Eles se inspiraram parcialmente no artista Victor Vasarely, que havia declarado em 1960: “O artista ‘estrela’ ou ‘gênio solitário’ é uma ideia datada; grupos de trabalhadores experimentais colaborando com a ajuda de disciplinas científicas e técnicas serão os únicos criadores verdadeiros do futuro”.2  Eles acreditavam que esse método lhes permitiria combater a “imagem tradicional do inspirado pintor de obras-primas imortais”, simbolizada, segundo a visão do grupo, pelos proponentes do Tachismo e da Arte Informal – considerados pelos jovens artistas o equivalente pós-guerra da École de Paris.3

Pouco tempo depois da fundação do CRAV, o número de participantes diminuiu para seis – García Rossi, Le Parc, Morellet, Sobrino, Stein e Yvaral – e, em 1961, o grupo se renomeou Groupe de Recherche d’Art Visuel (GRAV).4  A fundação do GRAV coincidiu com a guinada generalizada em direção à prática artística coletiva entre artistas que atuavam na Europa Central e Ocidental no final da década de 1950 e nos anos 1960. Isso se deu parcialmente como uma reação à ênfase na subjetividade e no culto da personalidade associados a várias linhas da abstração gestual que se proliferou na Europa e nos Estados Unidos nos anos 1940 e 1950. Isso também refletia uma mudança geracional, já que muitos artistas nascidos entre o final dos anos 1920 e meados da década de 1930 buscavam redefinir a arte usando novos formatos e materiais, desafiando a duradoura noção do espectador como receptor passivo e lutando para transformar seus trabalhos em catalisadores de mudanças sociais.

Esse espírito colaborativo resultou na proliferação de inúmeros grupos de artistas e redes multinacionais em cidades como Antuérpia, Córdoba, Düsseldorf, Milão, Pádua, Paris e Zagreb.

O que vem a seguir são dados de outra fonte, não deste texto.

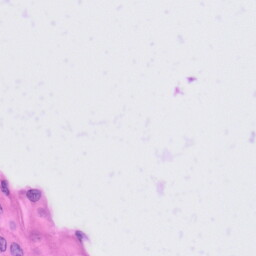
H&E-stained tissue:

Nessa história, o grupo GRAV, e Julio Le Parc em especial, desempenharam papel proeminente. Além do trabalho e dos escritos do grupo, a liderança de Le Parc e do GRAV na definição e promoção de uma rede de artistas com ideias semelhantes – primeiro sob o emblema Nouvelle Tendance (Nova Tendência), e depois como o breve movimento NOUVELLE TENDANCE – recherche continuelle (NTrc) – foi um capítulo importante na história da arte dos anos 1960. Este ensaio examina os 8 anos de vida do GRAV (1960-1968) e as contribuições e o papel de Le Parc nessa história, e também aborda a interseção do GRAV com um fenômeno coletivo maior daquele período.


Começos

Logo após a chegada de Le Parc a Paris, vindo da Argentina, ele visitou a primeira Bienal de Paris (1959), organizada por meio da iniciativa do recém-indicado Ministro da Cultura, André Malraux. Essa exposição reuniu artistas com menos de 35 anos, de 42 países de todo o mundo. Um painel internacional selecionou os participantes, que mostraram seus trabalhos no Musée d’Art moderne de la Ville de Paris. Durante seu discurso de encerramento da Bienal, Malraux abordou a notável supremacia da Arte Informal. Le Parc e seus colegas também reconheceram o predomínio da abstração lírica, gestual, o que viam como um novo academicismo e não como arte genuinamente experimental.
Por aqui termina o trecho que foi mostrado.